Global Insight Perspective | |
Significance | The advisory committee voted 15-2 in favour of strengthening risk warnings for cancer patients receiving EPOs, while the committee also voted unanimously in favour of requiring a large-scale safety study on EPOs. A separate committee meeting later in the year will decide if stronger warnings should be applied to EPO use by kidney disease patients as well. |
Implications | If endorsed by the FDA, the committee recommendations would undermine sales of Amgen's (U.S.) Epogen (epoetin alfa) and Aranesp (darbepoetin alfa), and Johnson & Johnson's (U.S.) Procrit (epoetin alfa). |
Outlook | In its review of EPOs, the FDA is likely to consider not just the clinical evidence, but also the extent of off-label use of these drugs and evidence of promotional efforts to boost use of EPOs in unnecessarily high doses. |
FDA Committee Votes to Boost Warnings …
The FDA advisory committee charged with reviewing the safety of EPOs yesterday voted overwhelmingly (15-2) in favour of strengthening risk warnings for cancer patients. Risk warnings for kidney patients receiving dialysis will be reviewed at a separate FDA advisory meeting later this year. According the Wall Street Journal(WSJ), which had a representative present during the discussion, the FDA's Vinni Juneja told the experts' panel that safety should be considered in perspective. When EPOs were first approved in the early 1990s, they were thought to be beneficial in reducing the need for blood transfusions in cases of chemotherapy-induced or dialysis-induced anaemia. However, the risk of contracting disease from blood transfusions has decreased dramatically now, while there is no evidence that use of EPOs improves patient survival.
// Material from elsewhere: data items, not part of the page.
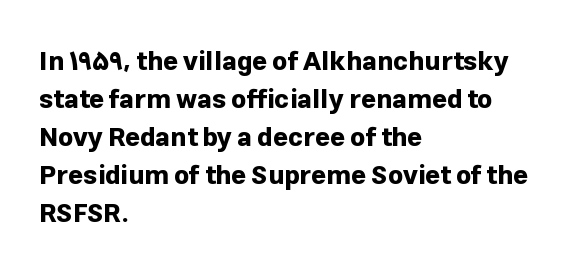
The image shows 26 px bold type, upright; set left-aligned, normal line spacing (1.46x), normal letter spacing, not underlined.
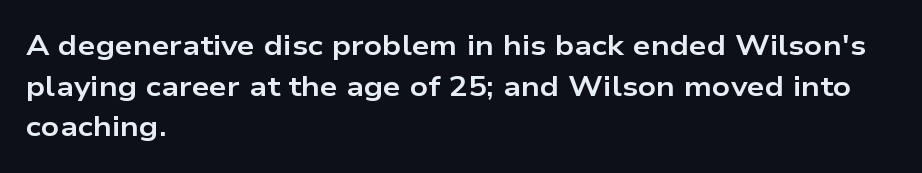
Q: Is the text bold? A: Yes.
Q: Is the text italic (slanted)? A: No, it is upright.
Q: Is the typeface a serif or a sans-serif typeface? A: Sans-serif.
Q: Is the text underlined? A: No.
Q: How is the paragraph aligned? A: Left-aligned.
Q: Is the spacing between letters normal or unusually wide? A: Normal.
Q: Is the spacing between lines tight, normal or loose? A: Normal.
Q: Width (condensed, normal, or wide)? A: Wide.
Q: Stroke contrast? A: Low.
Q: x-height? A: Medium.
Q: Monospaced? A: No.
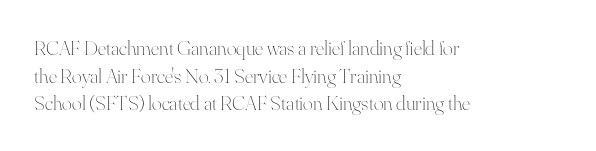
Q: Is the text bold? A: No.
Q: Is the text italic (slanted)? A: No, it is upright.
Q: Is the text underlined? A: No.
Q: How is the paragraph aligned? A: Left-aligned.
Q: Is the spacing between letters normal or unusually wide? A: Normal.
Q: Is the spacing between lines tight, normal or loose? A: Normal.
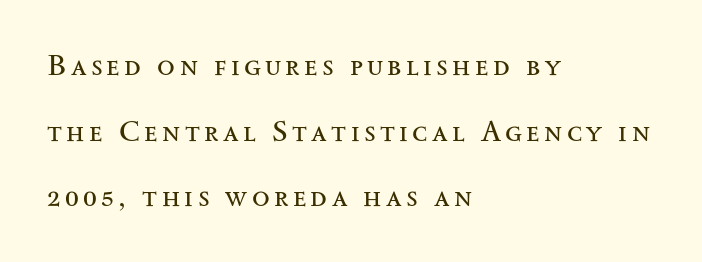
A light-to-regular cut is what we see here. Each letter keeps its own natural width here, so spacing adapts to shape. This sample trades compactness for vertical openness between lines. The rendering anchors every line to the left-hand side.
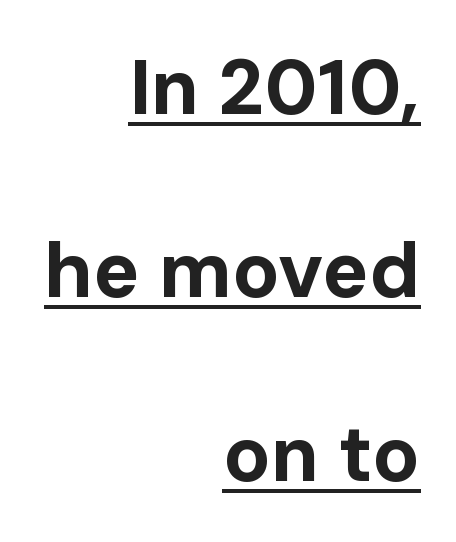
Ordinary non-slanted type is in use. Is this a fixed-width face? No — the glyphs have proportional, varying widths. The designer dialed line spacing up above the default. The passage is arranged like a letterhead date or caption credit — flush right. This is heavy type, rendered in bold. Students, note that the glyphs here touch the page at normal intervals.
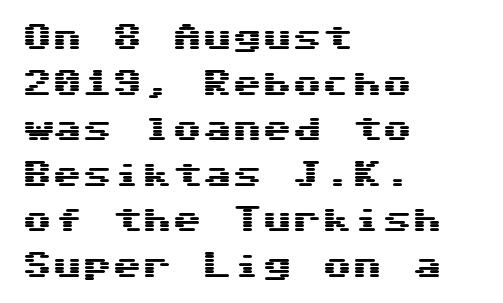
The glyphs are unaccompanied by any horizontal stroke below them. The designer left line spacing at the default. Horizontal alignment here is leftward, the default for most running prose. Is the letter spacing exaggerated? No — it looks like the ordinary default. The text was rendered using a sans face with plain stroke endings.
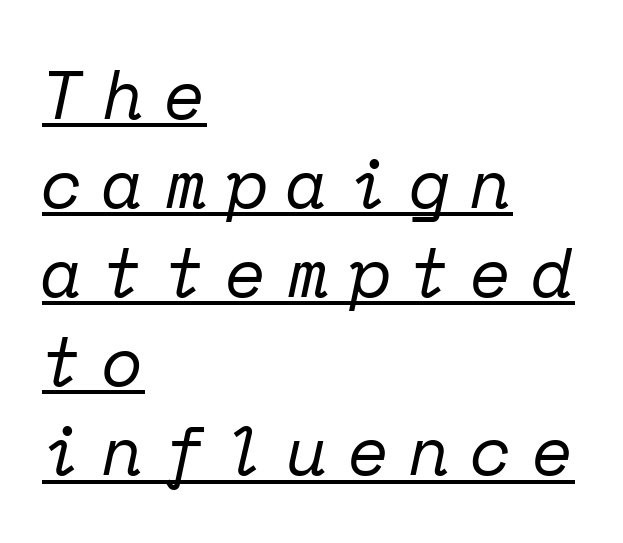
{"serif": "yes", "italic": "yes", "lean": "right", "slant_degrees": 12, "bold": "no", "weight": "regular", "width": "normal", "stroke_contrast": "low", "x_height": "medium", "monospaced": "yes", "underline": "yes", "align": "left", "line_spacing": "normal", "line_spacing_ratio": 1.31, "letter_spacing": "wide", "letter_spacing_em": 0.29, "glyph_px": 68}
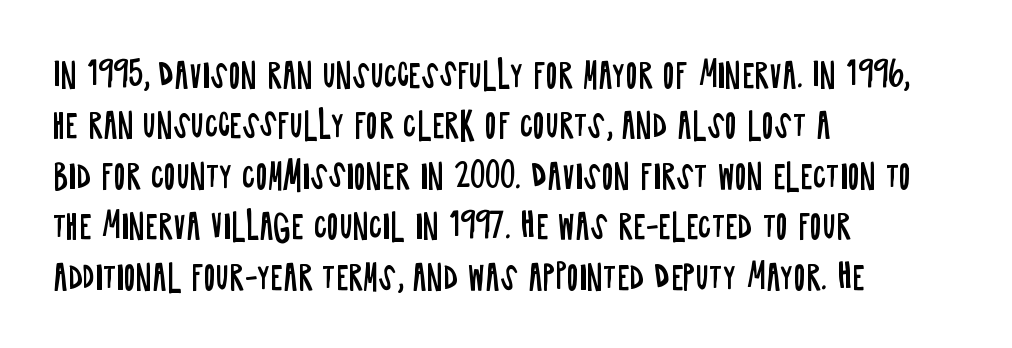
{"serif": "no", "italic": "no", "bold": "no", "weight": "regular", "width": "condensed", "stroke_contrast": "low", "x_height": "large", "monospaced": "no", "underline": "no", "align": "left", "line_spacing": "normal", "line_spacing_ratio": 1.53, "letter_spacing": "normal", "letter_spacing_em": 0.0, "glyph_px": 33}
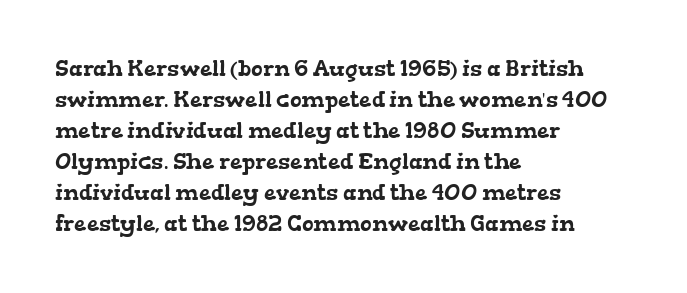
Q: Is the text underlined? A: No.
Q: How is the paragraph aligned? A: Left-aligned.
Q: Is the spacing between letters normal or unusually wide? A: Normal.
Q: Is the spacing between lines tight, normal or loose? A: Normal.

The committee unanimously voted in favour of requiring Amgen and J&J to conduct new large-scale studies to examine the safety of EPOs. From what has been said so far, patient survival will be the end-point of these studies. This recommendation has been triggered by recent findings indicating that when EPOs are used off-label (i.e. for an unapproved indication) to treat cancer-related anaemia in patients not undergoing chemotherapy, they can trigger tumour development and could also boost the risk of blood clots and heart attacks.
… but Upper Haemoglobin Threshold Unchanged
The labelling of EPOs was changed in March to reflect the risk of such side effects. The new ”black box” warnings—which are the strongest form of warning on drug labels in the United States—indicate that when EPOs are administered to target haemoglobin levels above 12 g/dL they increase the risk of death and serious cardiovascular events; shorten the time to disease progression of head and neck tumours in patients receiving radiation therapy; shorten survival and increase deaths attributed to disease progression in patients with metastatic breast cancer receiving chemotherapy; and increase the risk of death in cancer patients receiving neither radiation therapy nor chemotherapy.
There was speculation that the FDA advisory committee would recommend changing the label to reflect the higher risk of using EPOs at doses below 12 g/dL. However, the committee decided not to change the upper threshold for haemoglobin levels, according to the WSJ. Nevertheless, it has recommended the inclusion of a base level of haemoglobin on labelling, essentially advising doctors and patients how low haemoglobin levels should fall before EPO treatment is considered.
Outlook and Implications
The fact that the committee did not recommend a reduction in the upper threshold of haemoglobin targets for patients on EPO is a positive development for Amgen and J&J. Initial estimates indicate that the March black box warning—which effectively reduced the haemoglobin target to 12 g/dL—will undermine sales of Epogen, Aranesp and Procrit by about 10% (see United States: 12 March 2007: FDA Orders Black Box Warnings for Anaemia Treatments). Had the haemoglobin target been reduced further, the adverse impact on sales would have been all the more notable. Having said that, the fact that the committee is considering introducing a minimum recommended haemoglobin (Hb) level (above which EPO treatment should not be initiated) in labelling is a dangerous sign. Should the FDA decide to follow the committee's recommendations it could come up with a minimum Hb requirement of 7-8 g/dL (lower than that for healthy people but above what would be deemed low enough to justify a blood transfusion). If this occurs, the adverse effect on EPO sales could be just as dramatic as the effect of imposing an upper Hb limit.
To make matters worse for EPO makers, when the full FDA meets to review the safety of anaemia drugs, it is likely to consider additional factors as well. Top among these is the extent of off-label usage of EPOs. The agency has grown increasingly concerned that use of EPOs may be promoted for cancer patients not receiving chemotherapy as a way of boosting their energy levels. Evidence of marketing practices encouraging doctors to use higher and unapproved (at the time) doses of Procrit are also likely to be taken into account (see United States: 10 May 2007: J&J Gave 24% Price Discount on Procrit to Doctors, Whistleblowers Claim). In the final analysis, the stance that the FDA takes—which might differ from that of its advisory committee—will be eagerly anticipated. EPOs account for nearly half of Amgen's sales and in total, Amgen and J&J's EPO drugs had more than US$7 billion worth of sales in the United States last year.